Вот тогда-то, в августе, и возникло у меня жгучее желание стать своеобразной преемницей трудов молодого профессора, познать историю Китая до сегодняшнего дня; а так как Маньчжурия и маньчжуры занимали в ней особое место, я увлеклась маньчжурами, несколько охладев к японистике. Но чтоб познать китайскую историю до конца, я должна была побывать в Японии, где замкнутся некие круги.
Профессор был убежден, что все страны с огромным прошлым имеют такое же будущее. Тогда я не спорила. Но теперь в этом не уверена. Не хочу называть страны и народы с великим прошлым, не хочу сравнивать прошлое с настоящим, а тем более предсказывать будущее. Пока я лишь гадаю на иероглифах.
Эйко-сан переселилась в особняк к Ирине и Клавдии. Здесь к ее хозяйственным заботам прибавилась еще одна — присматривать за котельной, где дежурили кочегары-японцы. У каждого особняка имелась своя котельная, куда подвозили уголь. Я видела этих кочегаров, и они мне не очень понравились. Кто они такие, почему заходят в дом в любое время суток? Возможно, бывшие хозяева особняка, переодетые, сменившие документы? Сильные, молодые парни спортивного вида, все время переглядываются, словно заговорщики.
Эйко успокоила:
— Я их знаю: они всегда были в этом доме истопниками. Думаю, укрывались от военной службы.
Ирине и Клавдии присвоили железнодорожное звание — «инженер-капитан». Теперь обе носили темно-синие кители с белыми пуговицами, шинели такого же цвета и фуражки с молоточками. Второго марта я зашла к ним попрощаться, сказала, что завтра уезжаю вместе с нашим штабом, они не поверили. Забеспокоились.
— В Союз? — спросила Ирина.
— Пока в Харбин.
Клавдия всплакнула.
— Страшно!.. — сказала она. — Пока тут были наши, ничего не боялась. А теперь какая-то жуть…

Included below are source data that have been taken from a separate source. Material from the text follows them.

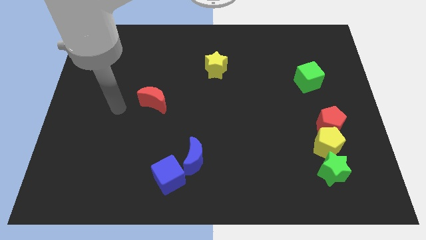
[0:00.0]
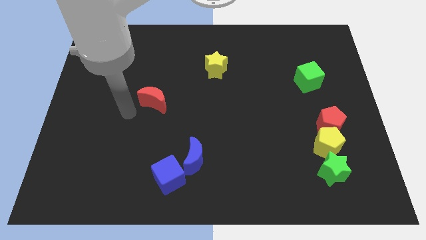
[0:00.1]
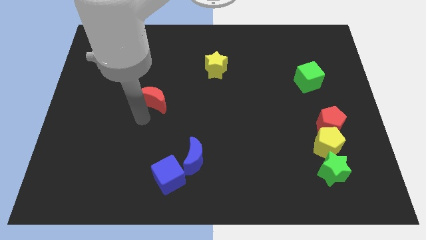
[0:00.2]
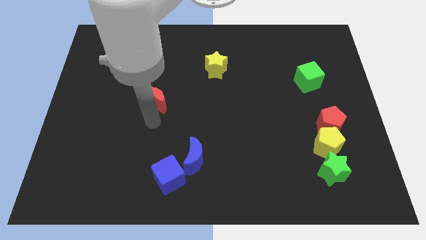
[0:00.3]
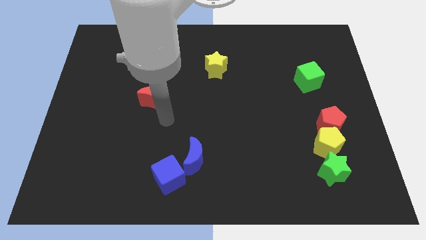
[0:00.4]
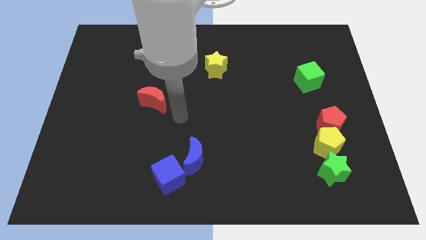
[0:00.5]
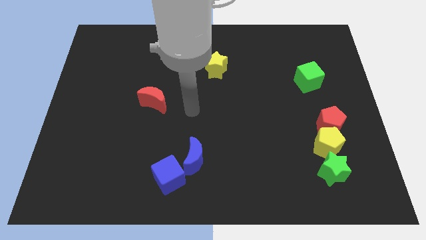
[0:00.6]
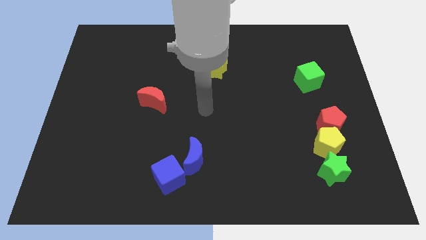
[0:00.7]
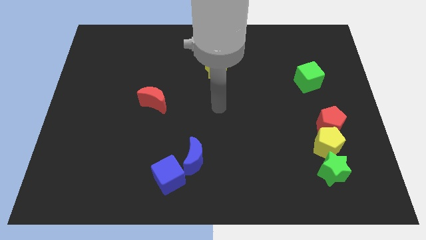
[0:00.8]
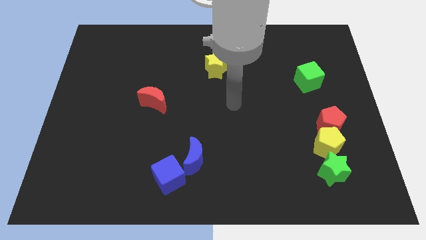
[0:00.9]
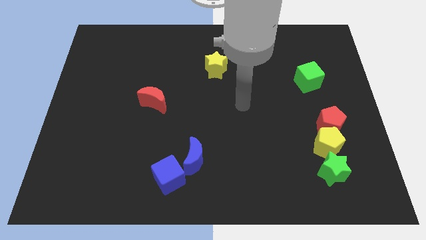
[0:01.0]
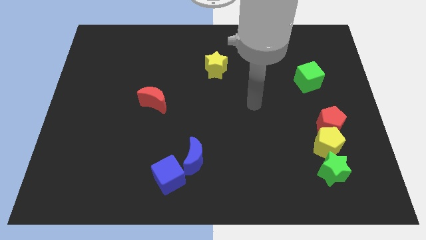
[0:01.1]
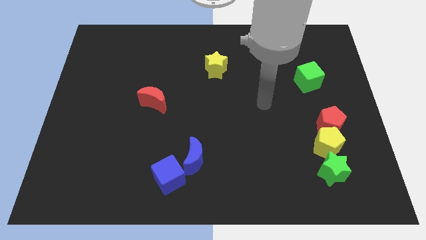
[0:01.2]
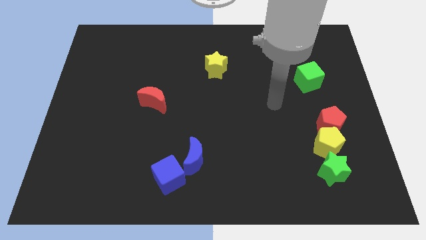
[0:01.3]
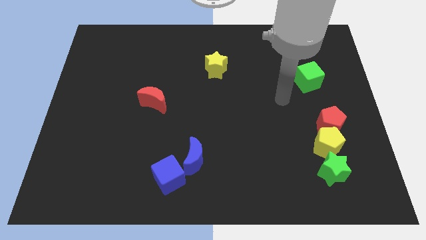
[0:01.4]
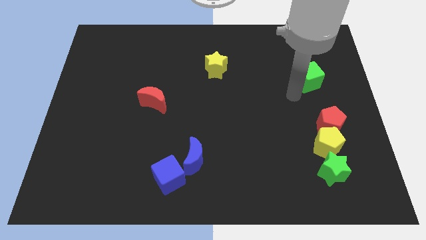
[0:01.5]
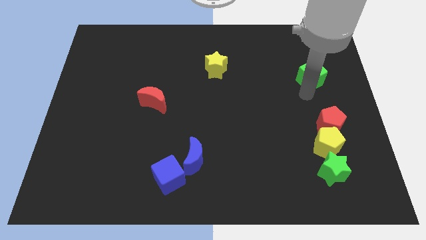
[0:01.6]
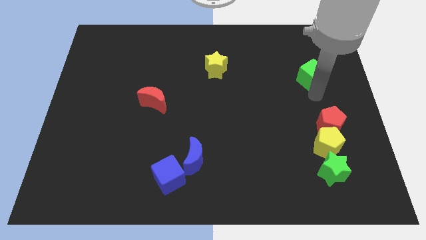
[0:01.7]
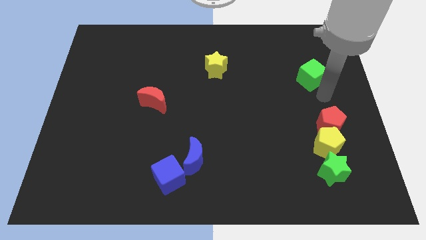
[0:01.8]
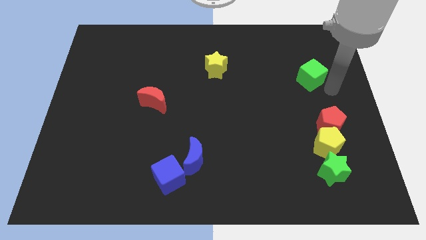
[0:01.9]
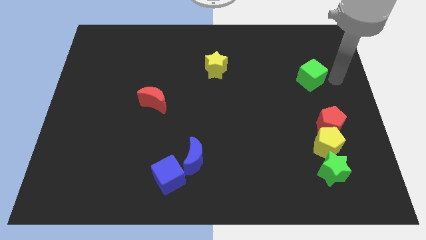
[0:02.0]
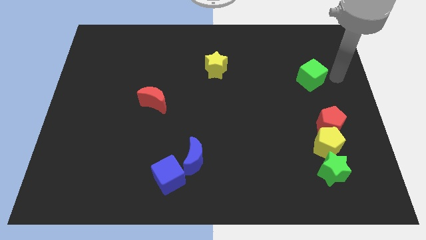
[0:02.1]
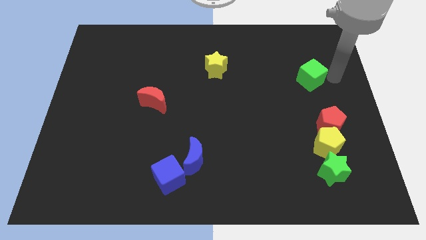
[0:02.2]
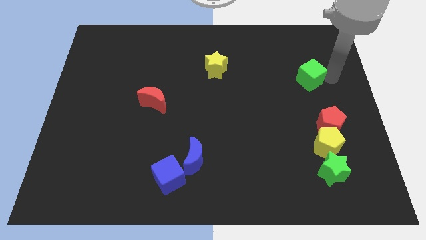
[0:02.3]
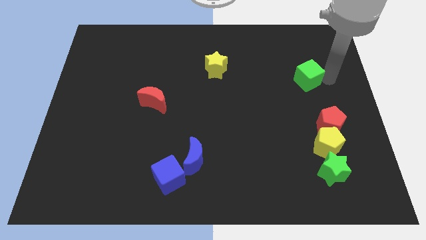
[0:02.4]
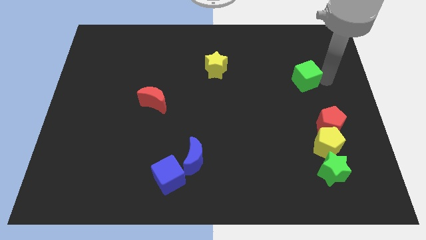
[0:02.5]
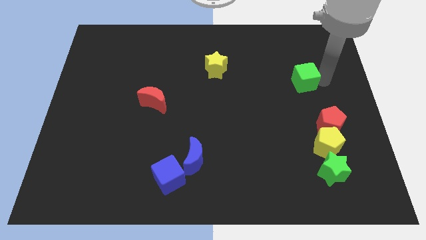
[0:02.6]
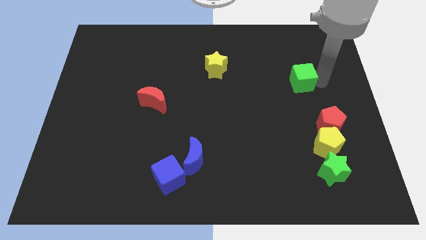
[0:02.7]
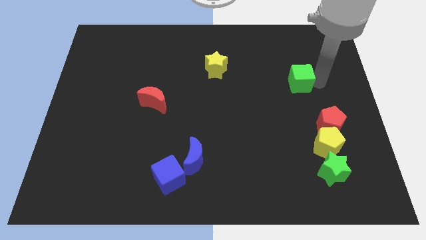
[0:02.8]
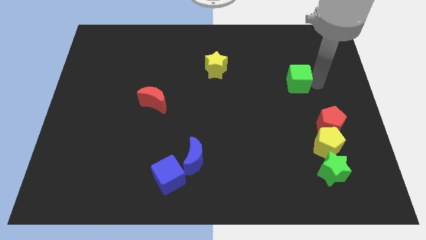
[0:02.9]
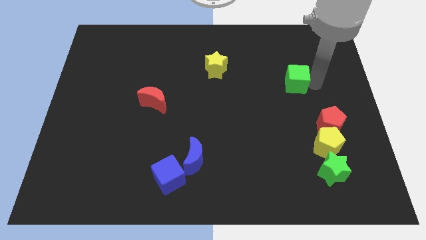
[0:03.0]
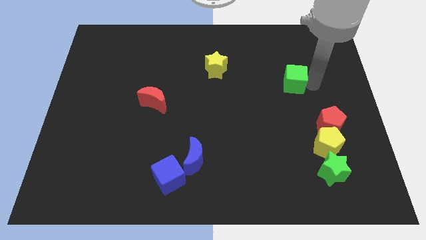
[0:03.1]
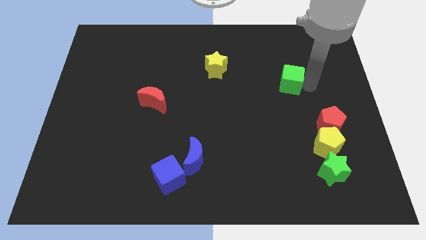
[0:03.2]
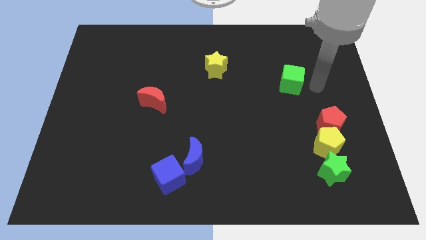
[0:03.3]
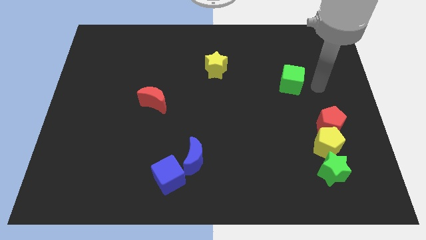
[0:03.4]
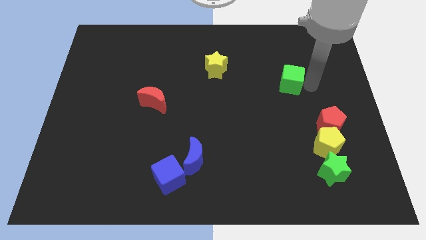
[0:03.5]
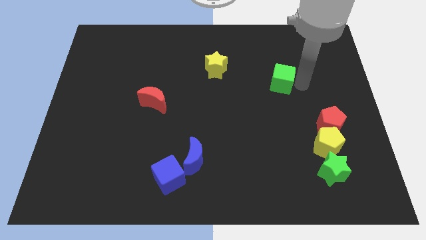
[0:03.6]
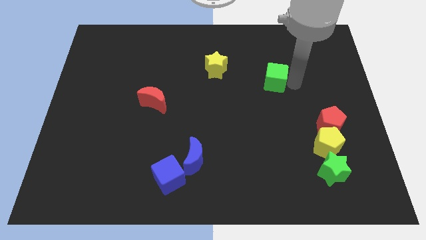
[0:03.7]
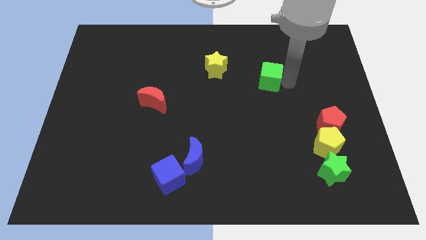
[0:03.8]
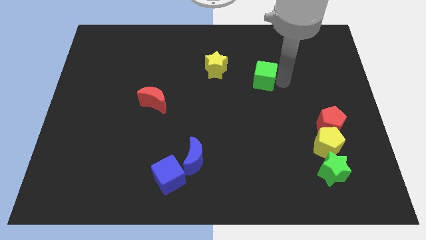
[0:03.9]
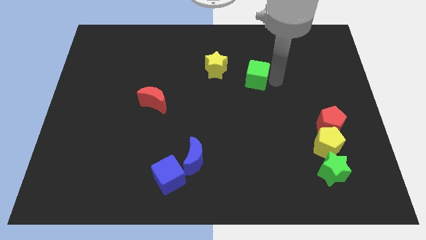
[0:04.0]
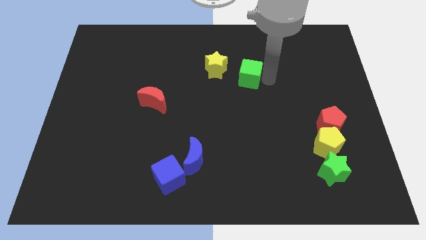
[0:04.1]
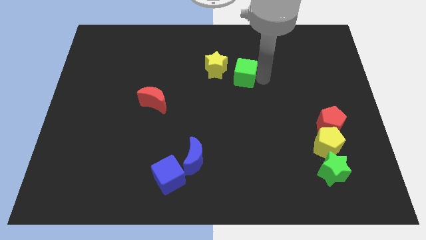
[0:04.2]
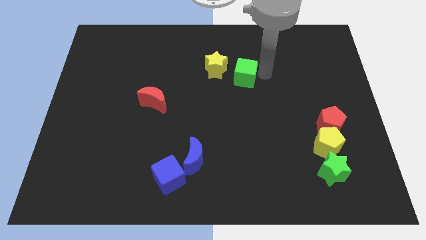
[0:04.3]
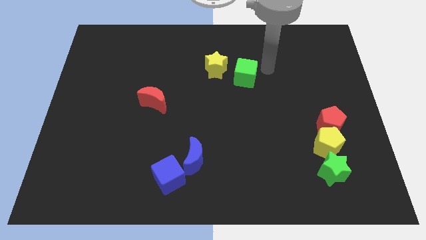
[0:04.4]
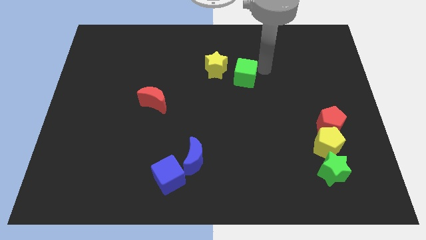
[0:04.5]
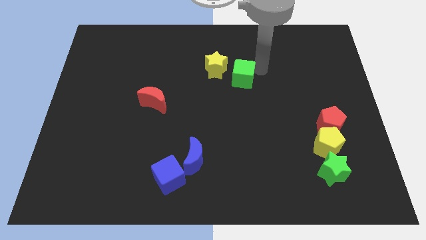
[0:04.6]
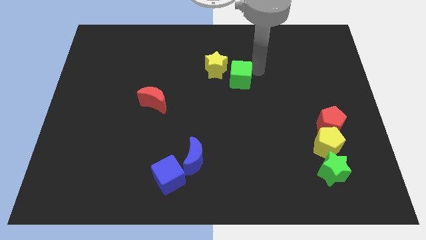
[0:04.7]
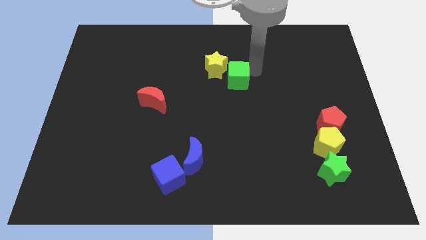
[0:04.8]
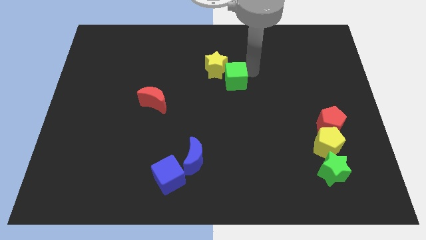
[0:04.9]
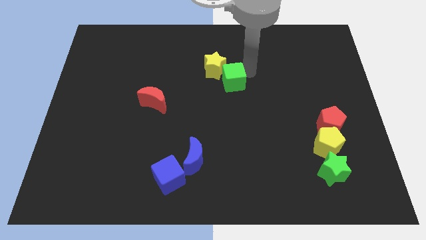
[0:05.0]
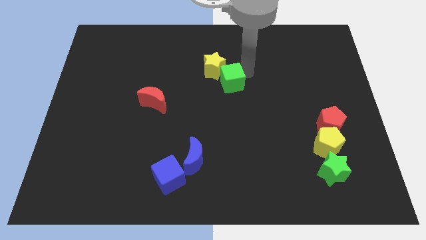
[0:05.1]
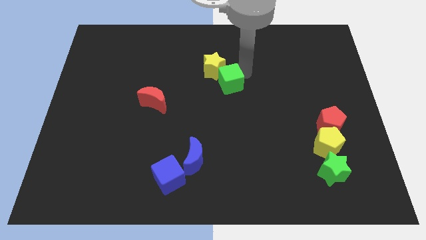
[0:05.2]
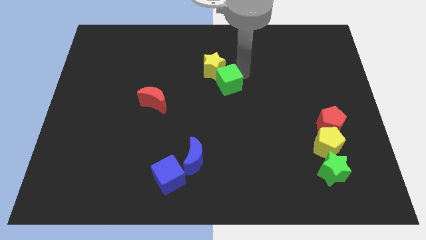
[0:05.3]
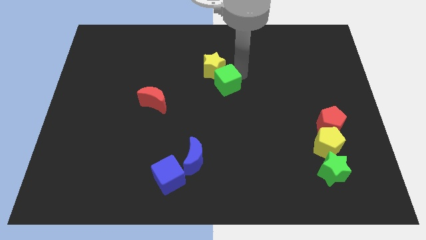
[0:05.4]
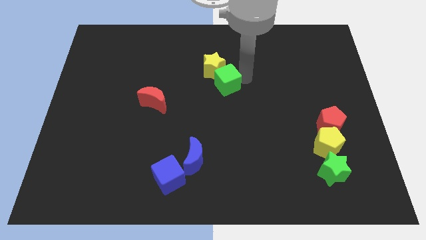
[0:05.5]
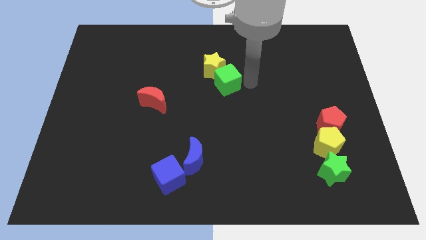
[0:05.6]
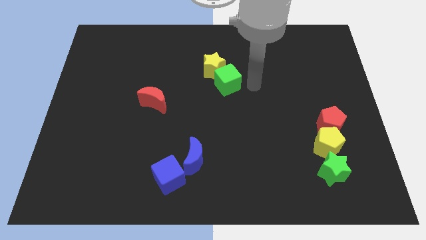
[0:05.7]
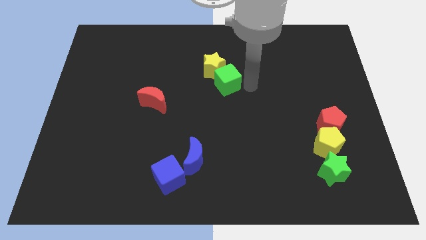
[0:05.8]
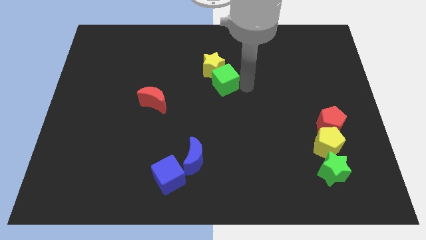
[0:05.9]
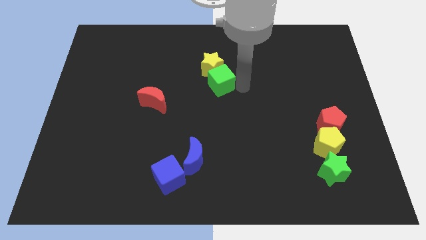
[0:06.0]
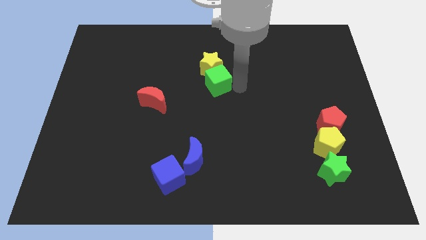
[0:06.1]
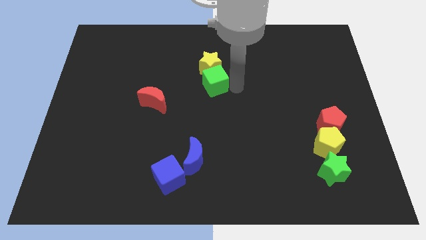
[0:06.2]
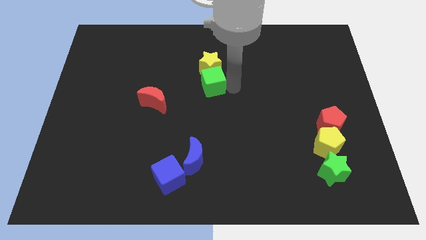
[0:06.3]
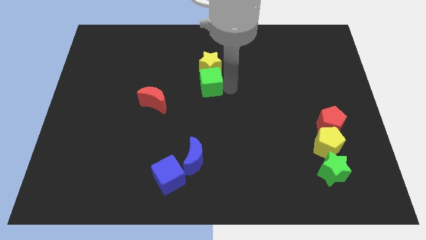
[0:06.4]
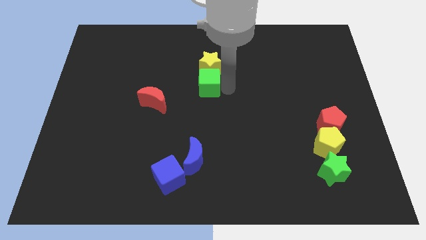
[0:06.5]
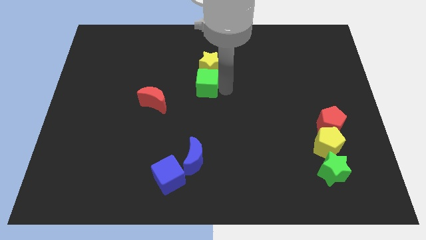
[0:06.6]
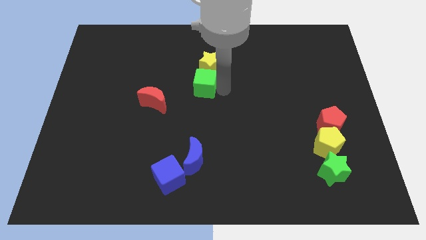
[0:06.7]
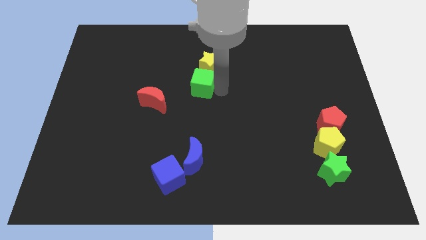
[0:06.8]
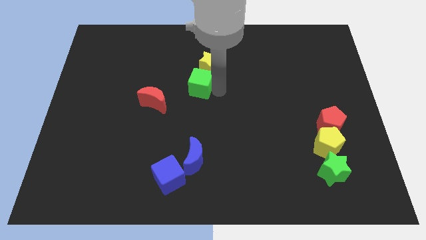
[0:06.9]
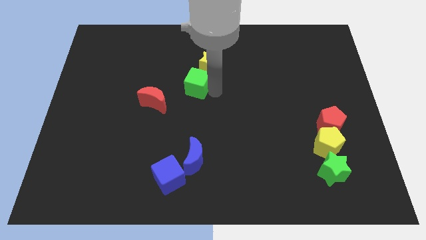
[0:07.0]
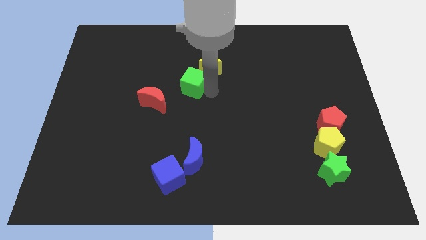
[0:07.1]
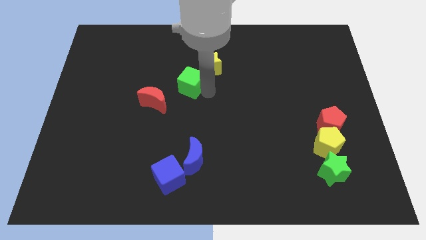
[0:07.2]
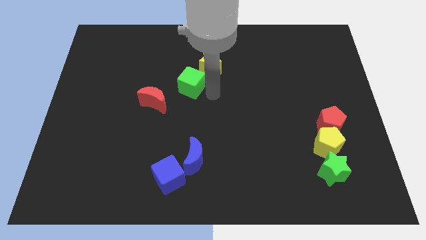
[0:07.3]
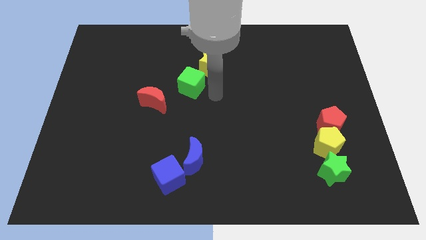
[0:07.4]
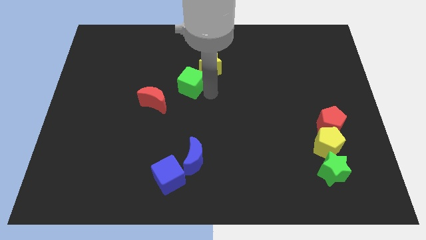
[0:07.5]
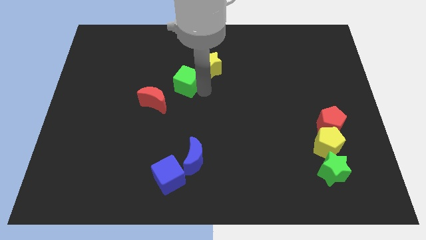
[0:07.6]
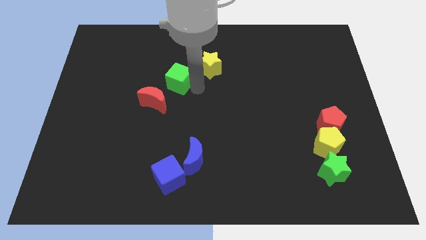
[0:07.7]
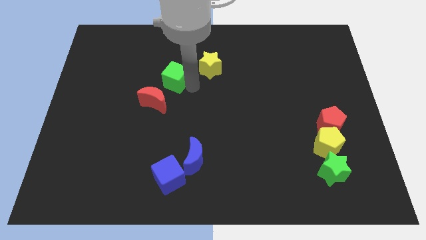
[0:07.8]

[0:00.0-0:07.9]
slide the green cube to the top of the red moon

Да, настала пора уходить. О том, что мы уходим, узнал весь Чанчунь. Мы больше не могли здесь оставаться. И хотя в Чанчунь пришла весна — японские дети бегали без чулок на своих гэта, — жизнь в городе приостановилась, словно бы угасла. Не слышно было звонков и выкриков разносчиков, предлагающих свой товар. На дверях магазинов висели тяжелые замки. Окна домов были забиты ржавой жестью и фанерой. Непонятная давящая тишина нависла над Чанчунем. Лишь временами раздавались гулкие шаги гоминьдановских патрулей. Холодно и нагло поблескивали дула их автоматов. Над серой водонапорной башней с узкими, продолговатыми оконцами развевался темный флаг с белым, ощетинившимся солнцем. Гоминьдановцы ввели комендантский час. Улицы были опутаны колючей проволокой. Появились баррикады из мешков с песком. Говорили, что Чанчунь окружен войсками Объединенной демократической армии. Намечается штурм города. Гоминьдановцы спешно готовились к обороне.
А Ирина и Клавдия оставались здесь. Конечно же они вдруг поняли, что будут без прямой защиты. Вспомнилось недавнее провокационное выступление гоминьдановцев в Мукдене, и сделалось зябко. Опять приходили на память события 1929 года на Китайской Восточной железной дороге. Тогда КВЖД была захвачена китайскими войсками; советские служащие подвергались неслыханным насилиям со стороны китайских властей: наших железнодорожников заковали в кандалы; более двух тысяч советских граждан были брошены в Сумбитский концлагерь, бараки которого зимой не отапливались; заключенным не давали горячей пищи. Обезглавленные трупы советских людей, казненных без суда и следствия, китайцы бросали в реку Сунгари. В конце концов обнаглевшие китайские провокаторы полезли на восточные границы СССР.